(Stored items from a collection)
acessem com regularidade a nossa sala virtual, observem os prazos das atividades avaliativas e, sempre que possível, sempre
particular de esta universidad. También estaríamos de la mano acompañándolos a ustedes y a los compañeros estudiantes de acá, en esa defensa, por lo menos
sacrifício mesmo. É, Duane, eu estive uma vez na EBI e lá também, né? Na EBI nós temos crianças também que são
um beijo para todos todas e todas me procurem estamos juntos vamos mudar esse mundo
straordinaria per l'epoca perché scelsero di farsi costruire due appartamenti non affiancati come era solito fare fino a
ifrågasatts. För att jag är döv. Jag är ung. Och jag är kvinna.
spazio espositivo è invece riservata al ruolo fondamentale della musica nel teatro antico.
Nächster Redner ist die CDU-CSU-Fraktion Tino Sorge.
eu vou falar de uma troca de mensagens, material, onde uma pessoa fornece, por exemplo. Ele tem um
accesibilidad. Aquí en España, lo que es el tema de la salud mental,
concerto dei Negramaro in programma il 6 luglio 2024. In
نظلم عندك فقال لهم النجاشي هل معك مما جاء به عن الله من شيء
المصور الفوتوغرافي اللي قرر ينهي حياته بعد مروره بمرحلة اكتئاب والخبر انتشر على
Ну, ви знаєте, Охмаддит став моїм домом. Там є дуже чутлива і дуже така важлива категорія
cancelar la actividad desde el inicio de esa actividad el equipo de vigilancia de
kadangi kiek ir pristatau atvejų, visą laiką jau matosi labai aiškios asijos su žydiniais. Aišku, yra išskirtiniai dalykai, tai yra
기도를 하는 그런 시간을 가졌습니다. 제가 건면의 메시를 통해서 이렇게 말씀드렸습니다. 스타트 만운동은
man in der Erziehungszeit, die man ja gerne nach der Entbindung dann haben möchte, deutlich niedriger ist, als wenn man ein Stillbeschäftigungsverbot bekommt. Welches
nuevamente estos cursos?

■ **WORK INSTRUCTIONS**
Copy out exactly the lines from the one containing "المصور الفوتوغرافي اللي" through the last line above, keeping both end lines.

■ **ANSWER TO THE PROBLEM**
المصور الفوتوغرافي اللي قرر ينهي حياته بعد مروره بمرحلة اكتئاب والخبر انتشر على
Ну, ви знаєте, Охмаддит став моїм домом. Там є дуже чутлива і дуже така важлива категорія
cancelar la actividad desde el inicio de esa actividad el equipo de vigilancia de
kadangi kiek ir pristatau atvejų, visą laiką jau matosi labai aiškios asijos su žydiniais. Aišku, yra išskirtiniai dalykai, tai yra
기도를 하는 그런 시간을 가졌습니다. 제가 건면의 메시를 통해서 이렇게 말씀드렸습니다. 스타트 만운동은
man in der Erziehungszeit, die man ja gerne nach der Entbindung dann haben möchte, deutlich niedriger ist, als wenn man ein Stillbeschäftigungsverbot bekommt. Welches
nuevamente estos cursos?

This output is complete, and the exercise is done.